Purchasers duty to pay charges Purchasers must pay for charges for the maintenance and management of the common property apportioned and determined by the JMB in proportion to the allocated share units. A fourteen-day grace period is allowed for payments after which a late payment interest not exceeding 10 per cent per annum is chargeable. Without any reasonable excuse, any person who fails or refuse to pay the maintenance and management charges commits an offence and on conviction is liable to a fine not exceeding five thousand ringgit and also liable to a further fine not exceeding fifty ringgit for every day the offence is continued after conviction. Conclusion A person who purchases a unit in a strata development enters into a three-fold legal relationship; firstly, he is the individual owner of his unit; secondly, he is a co-owner with all other owners of the common property and the land of the strata development, and thirdly, he is automatically a member of the owners body to whom the management and maintenance of the scheme is entrusted.
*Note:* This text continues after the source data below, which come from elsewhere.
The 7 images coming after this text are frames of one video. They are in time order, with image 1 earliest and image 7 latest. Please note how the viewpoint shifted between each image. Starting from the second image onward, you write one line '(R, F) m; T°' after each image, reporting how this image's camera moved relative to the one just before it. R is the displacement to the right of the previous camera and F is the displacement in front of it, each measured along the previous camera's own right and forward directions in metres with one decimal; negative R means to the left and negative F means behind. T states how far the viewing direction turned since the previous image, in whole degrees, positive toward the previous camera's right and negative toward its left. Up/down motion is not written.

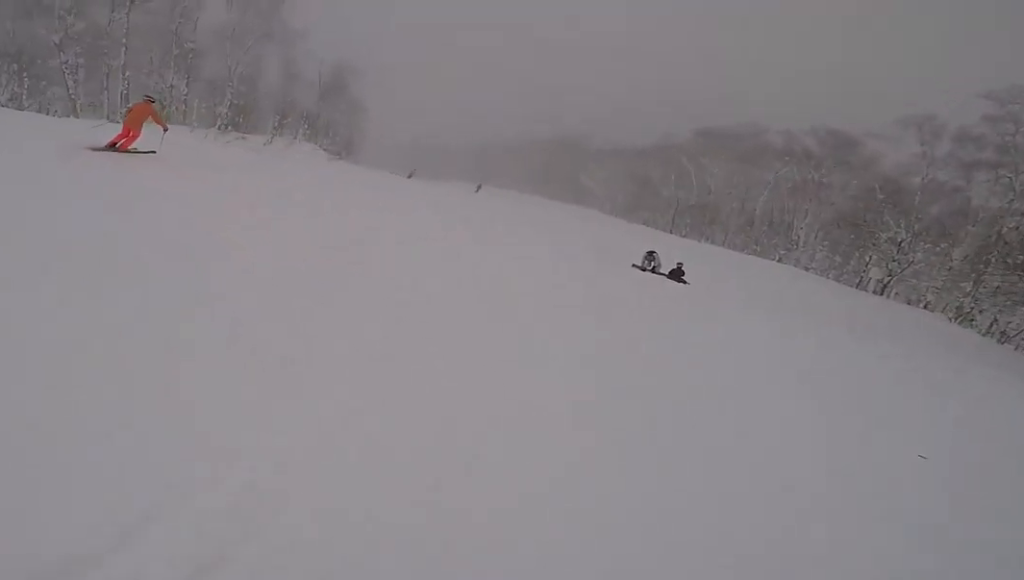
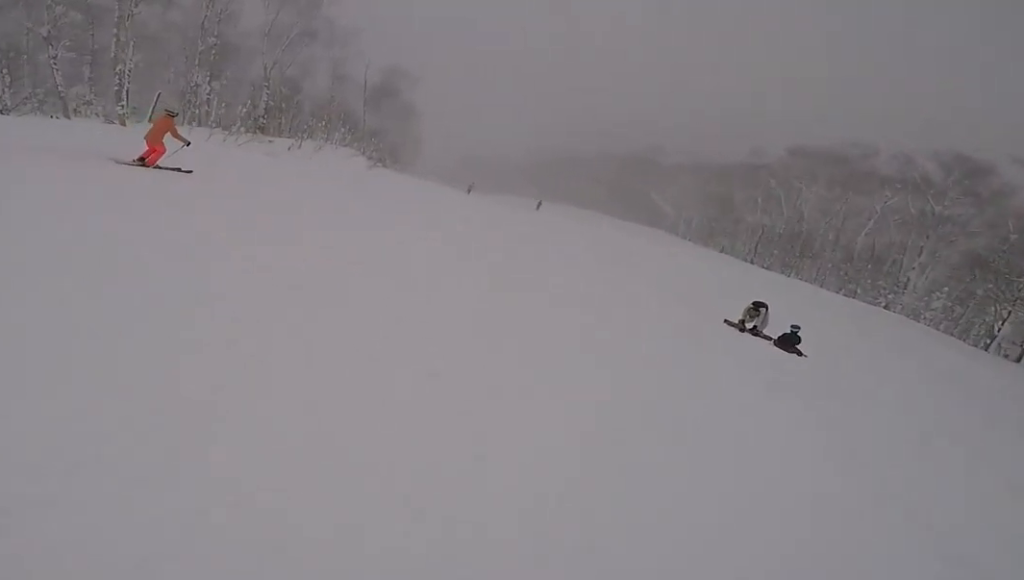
(-0.7, +4.1) m; -5°
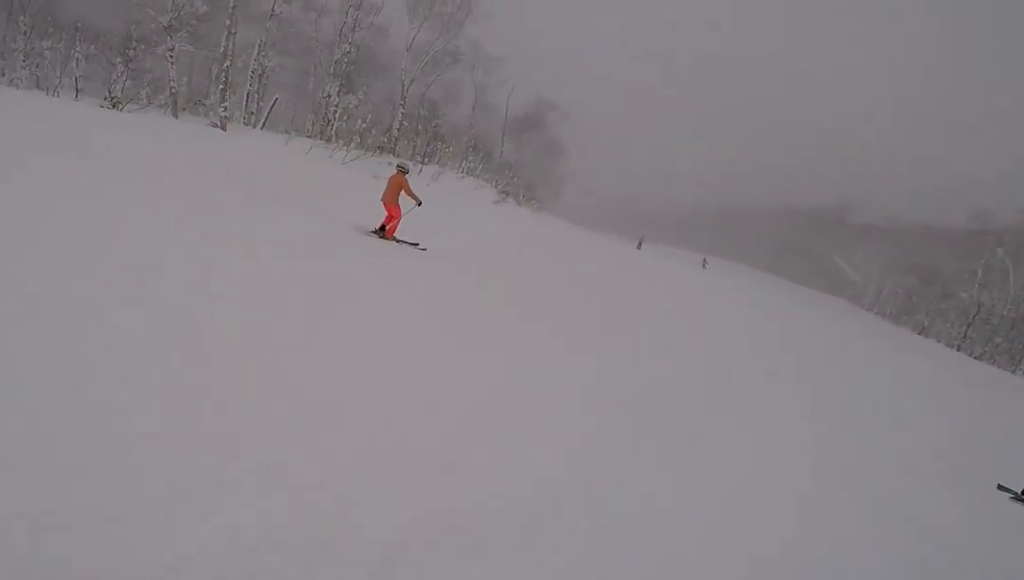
(-0.4, +4.9) m; -5°
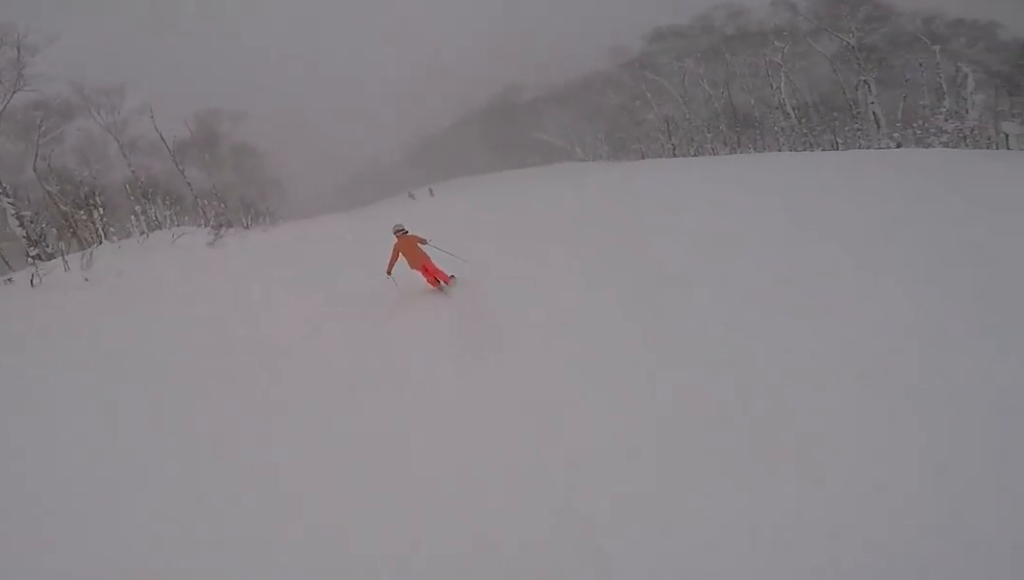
(0.0, +8.9) m; +10°
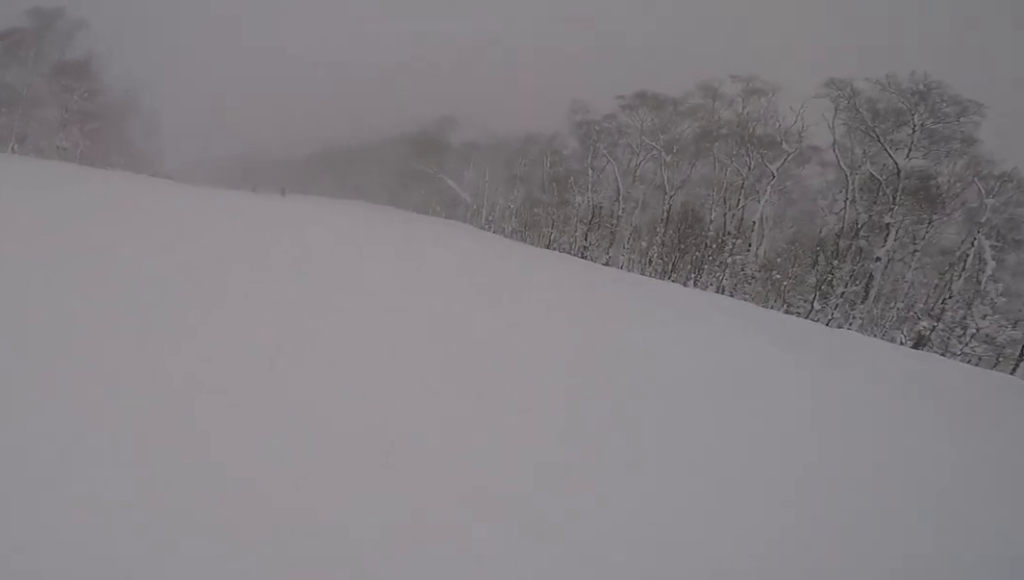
(+2.8, +15.9) m; +8°
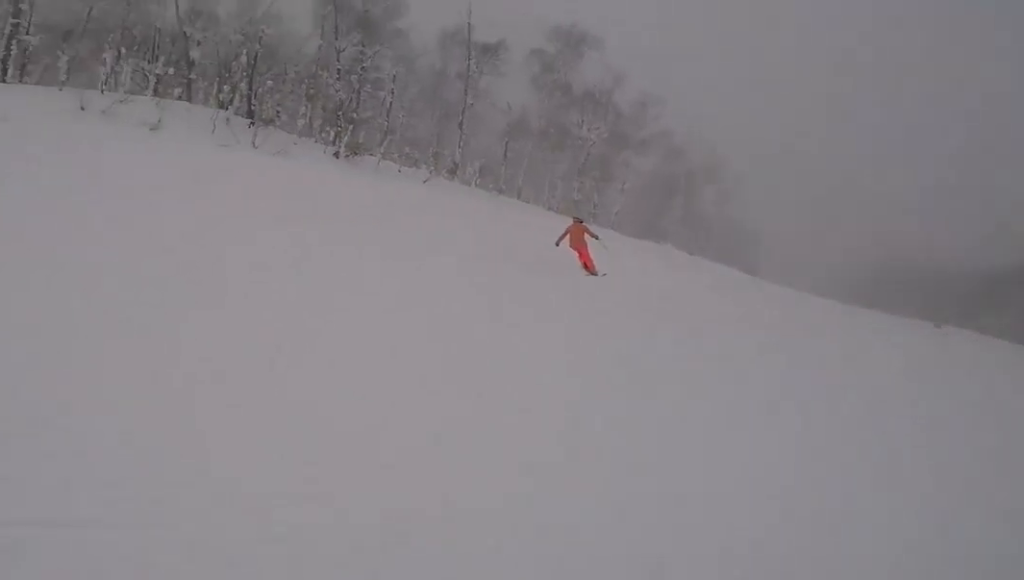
(-4.8, +13.3) m; -43°
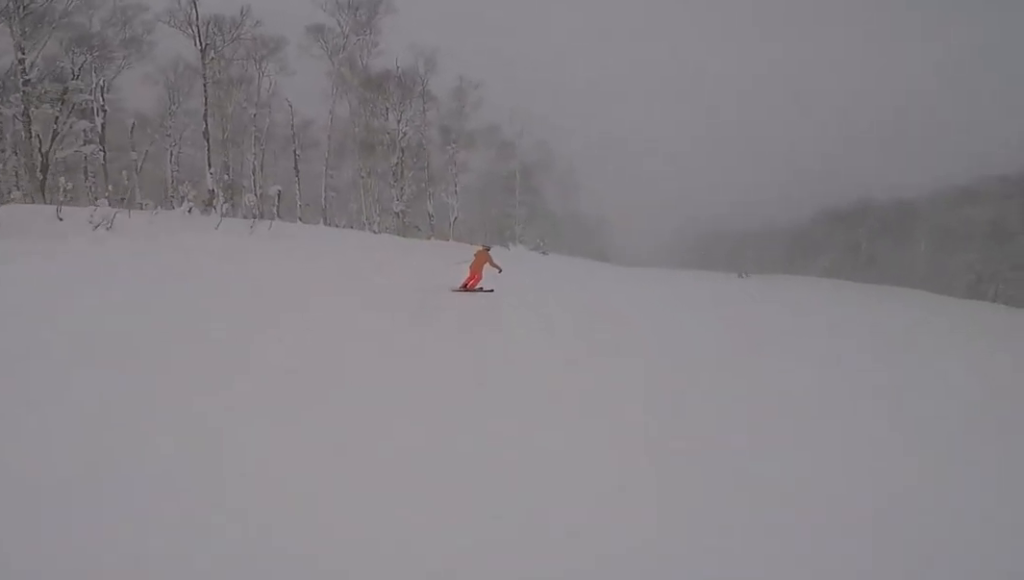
(-1.6, +11.7) m; -4°
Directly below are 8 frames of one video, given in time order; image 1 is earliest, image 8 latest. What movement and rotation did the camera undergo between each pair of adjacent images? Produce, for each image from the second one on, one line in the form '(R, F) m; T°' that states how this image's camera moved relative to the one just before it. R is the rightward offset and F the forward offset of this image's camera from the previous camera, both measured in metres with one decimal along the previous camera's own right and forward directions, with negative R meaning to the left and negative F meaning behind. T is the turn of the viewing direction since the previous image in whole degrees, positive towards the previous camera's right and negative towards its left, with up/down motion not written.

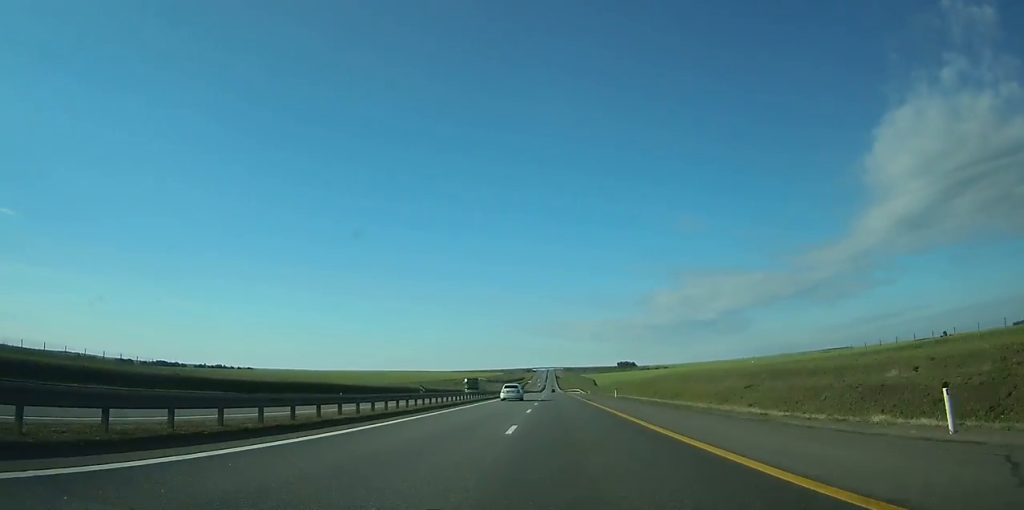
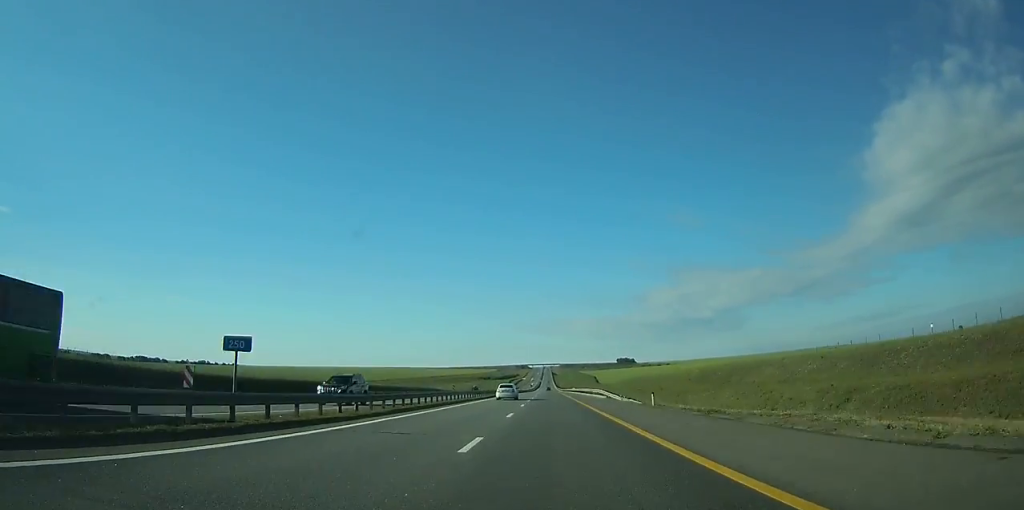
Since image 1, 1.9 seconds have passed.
(0.0, +63.1) m; 0°
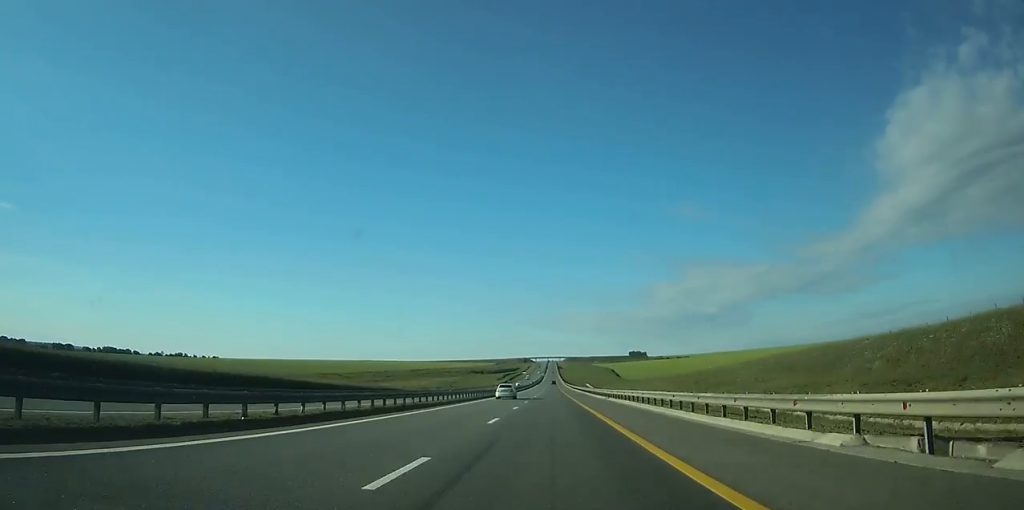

Harmony can only be achieved if the strata development is managed properly, the common property and facilities maintained adequately and regularly. The proper maintenance, efficient management and ultimately the success of the strata development will depend on a steady flow of payments to the coffers of the common fund of the owners body. Repeated failure to contribute to common expenses may hinder timely maintenance and efficient management and ultimately wreck the whole strata development scheme. Every strata property purchaser or owners should read the BCP Act to understand their duties as an

individual owner firstly, secondly as a co-owner of the common property of the strata development and thirdly as a member of the owners body formed.